[Opening Information supplied section]
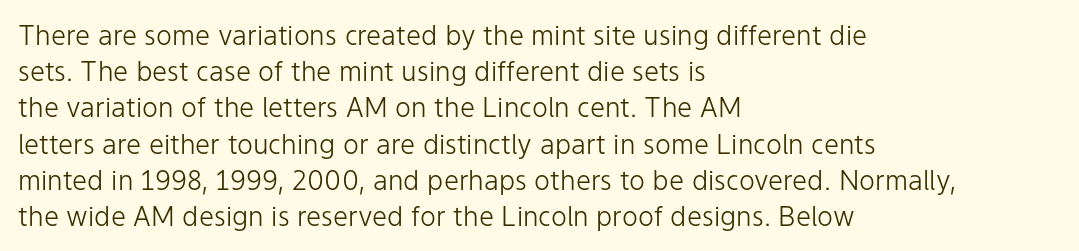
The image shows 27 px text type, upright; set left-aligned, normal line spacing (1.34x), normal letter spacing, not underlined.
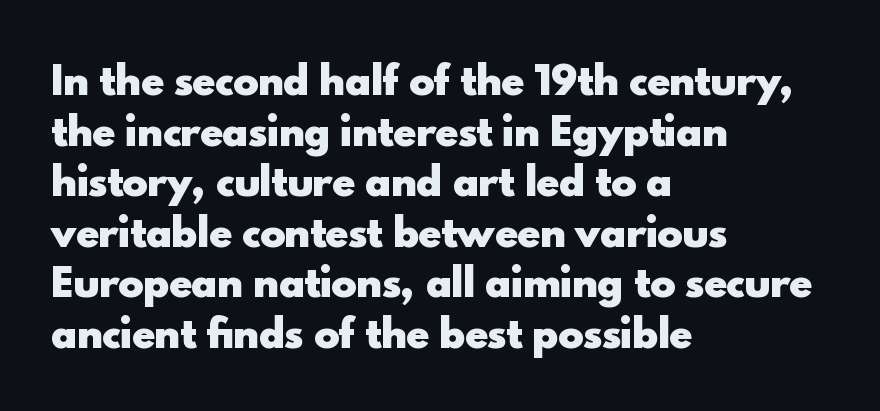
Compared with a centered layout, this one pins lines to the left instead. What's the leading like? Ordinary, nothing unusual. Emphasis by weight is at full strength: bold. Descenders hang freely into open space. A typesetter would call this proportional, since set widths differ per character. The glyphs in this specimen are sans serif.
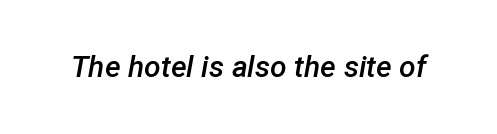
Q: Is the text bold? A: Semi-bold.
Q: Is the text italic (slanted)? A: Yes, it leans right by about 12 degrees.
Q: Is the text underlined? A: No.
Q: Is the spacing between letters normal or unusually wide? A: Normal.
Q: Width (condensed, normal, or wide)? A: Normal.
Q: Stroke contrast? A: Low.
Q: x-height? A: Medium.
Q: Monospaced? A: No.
[Closing Information supplied section]
**Task directions:** Copy every line from the data that includes the string "wide".

**Result for this exercise:**
Q: Is the spacing between letters normal or unusually wide? A: Normal.
Q: Width (condensed, normal, or wide)? A: Normal.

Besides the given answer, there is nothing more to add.